First off, more than 80% of everything I have earned as a content writer I happened to earn during my third year, and more than half of everything I ever wrote occurred during the past eight months, so if I have written 200 thousand words in 36 months, more than 100 thousand words were written in the past 8 months alone.

With that, I would say no, I am not a failure, yet, I just have some very serious discipline issues to fix, and pray life doesn’t throw another surprise at me.

I mean it still hurts to see those emails (it did last week), but I guess taking damage makes you survive, it makes grow. . . if you did not cave in anyway.

Why Did I Write This?

I still have long ways to go, no doubt about that, and I am no dashing hero fighting against the odds, nope, I am just lazy and my story is pathetic. But I just got to say, that fear, that feeling of being inadequate because of some suggestion or correction, is very real and very concerning, and some writers, are probably going through the same thing, especially the perfectionists amongst us, I don’t want to imagine the wreck you must have been.

I am not going to tell you not to give up, I am not your counselor and this is not therapy, but I am saying it’s okay, and looking from my experience, the odds will steadily rise in your favor. The trick is to never stop, grind no matter what, then find a way to step up.

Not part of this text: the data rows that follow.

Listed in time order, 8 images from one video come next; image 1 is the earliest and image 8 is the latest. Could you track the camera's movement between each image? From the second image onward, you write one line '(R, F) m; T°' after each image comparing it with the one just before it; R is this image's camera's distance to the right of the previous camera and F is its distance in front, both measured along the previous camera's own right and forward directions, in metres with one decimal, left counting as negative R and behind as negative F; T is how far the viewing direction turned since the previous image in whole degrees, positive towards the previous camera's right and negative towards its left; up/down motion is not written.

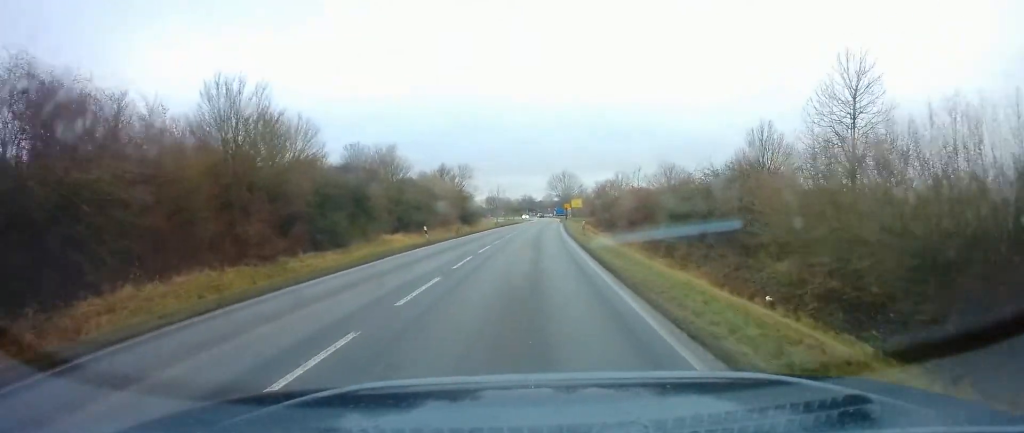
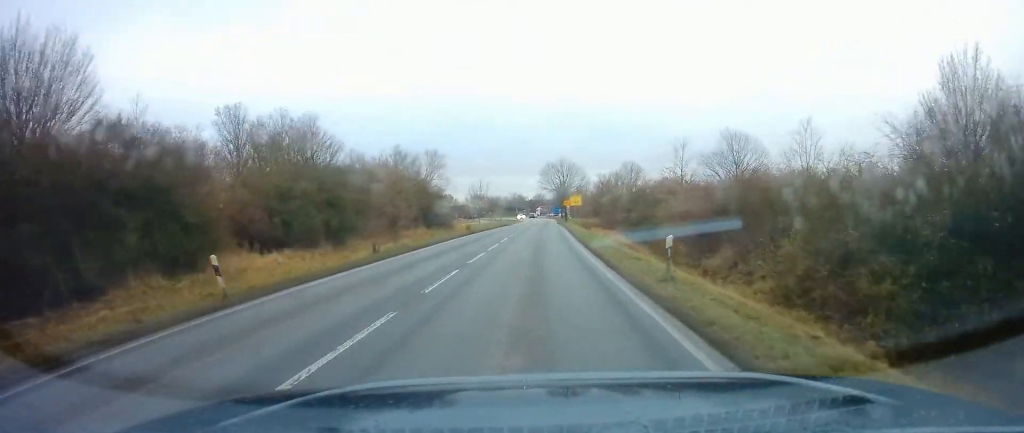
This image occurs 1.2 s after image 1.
(-0.1, +22.6) m; +1°
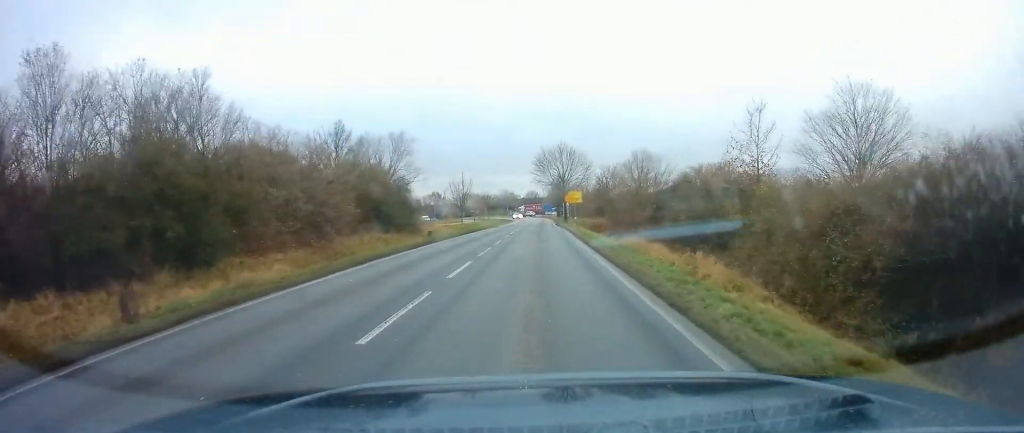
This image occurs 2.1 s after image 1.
(+0.4, +16.0) m; +1°
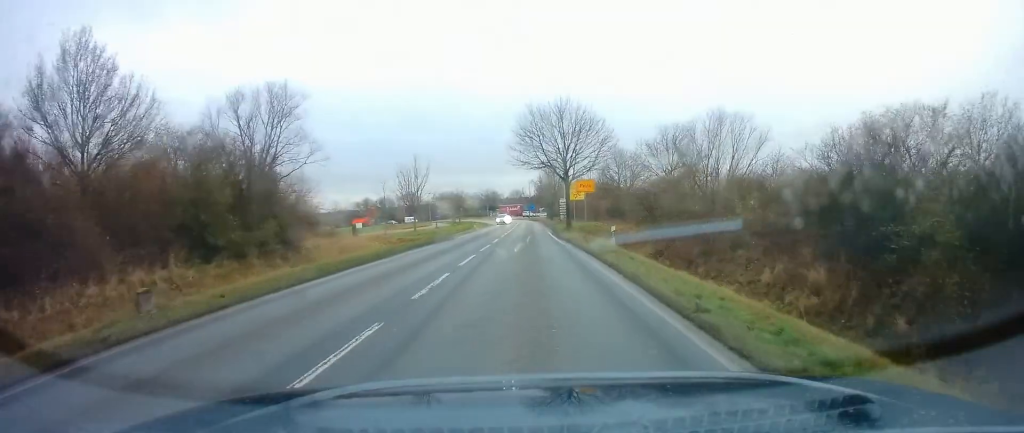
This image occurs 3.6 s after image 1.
(+0.4, +26.5) m; +2°
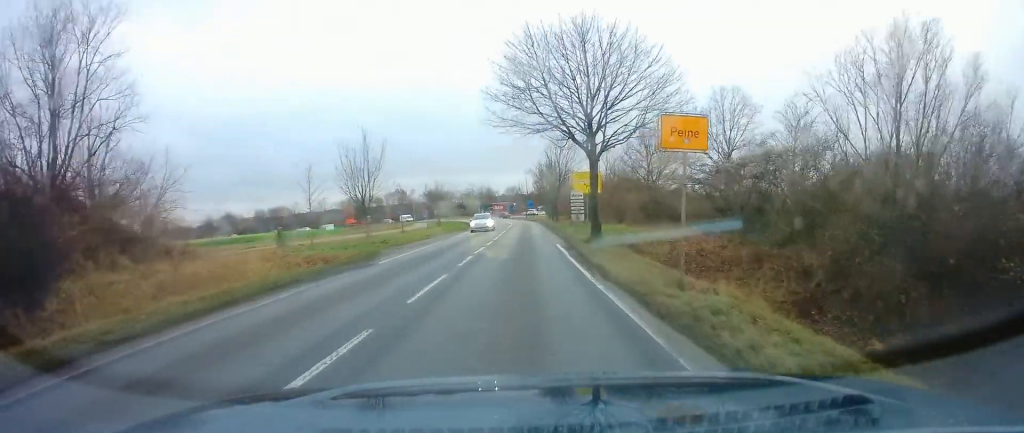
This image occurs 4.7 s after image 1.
(0.0, +18.2) m; 0°
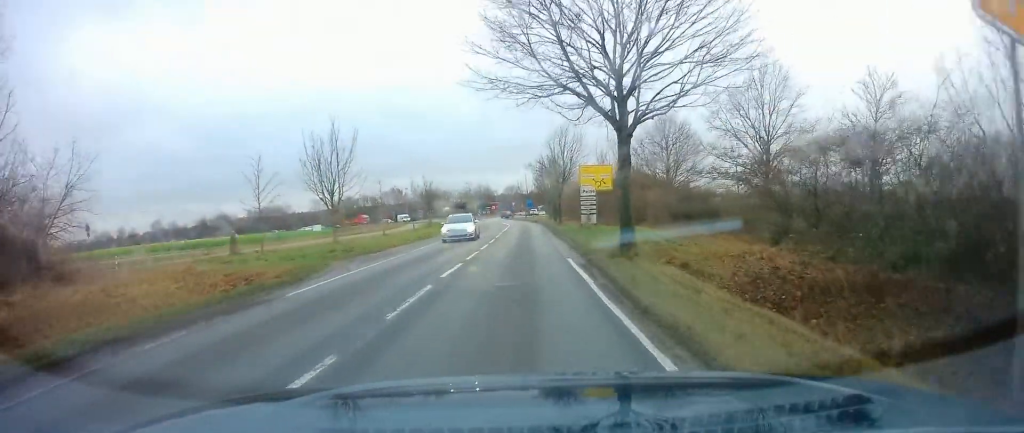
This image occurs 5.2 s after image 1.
(0.0, +7.3) m; 0°
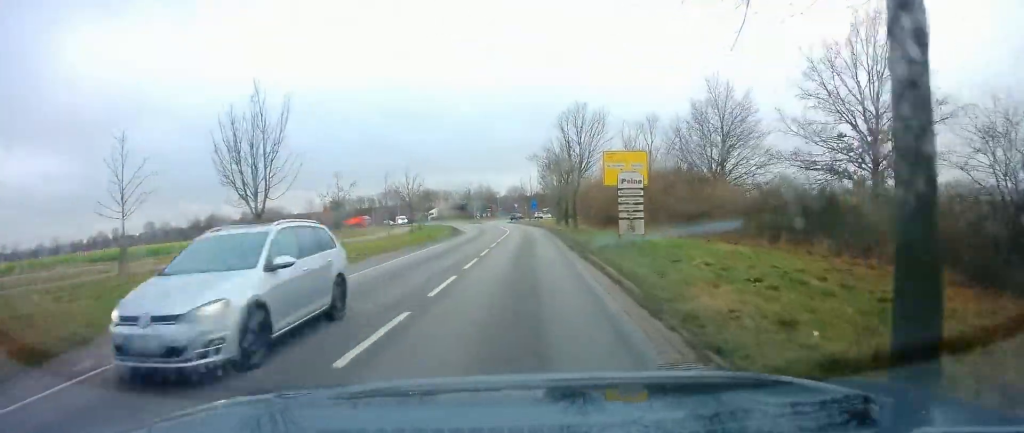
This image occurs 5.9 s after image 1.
(+0.1, +11.7) m; 0°
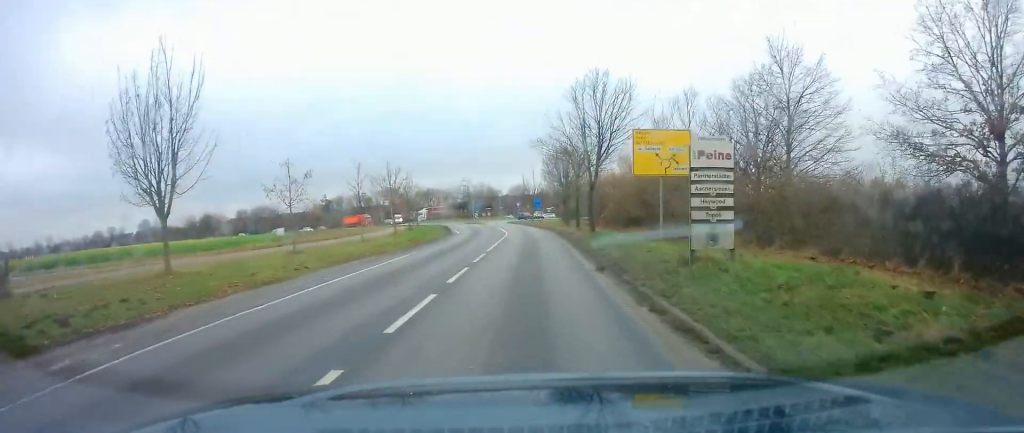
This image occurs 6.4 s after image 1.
(-0.1, +8.1) m; 0°

In fact, for me, writing and publishing this on Medium is one of my attempts towards becoming a better writer. I don’t usually try to sound emotionally dramatic or stuff like that, this is a new side to my writing, I don’t bring out the vulnerable, but I wrote this because a friend once blurted “. . . common, you don’t know who it [my story] could inspire”, so uhh, here we are.

Now, since I do not intend to keep the whole world updated about my mental state of mind, my next post is not going to be so (air quote) awakening, and it has a high probability of being about something stupid, in fact, I have plans to write about ‘Top 10 Jobs That Will Get You Murdered The Moment You Are Hired’. See ya.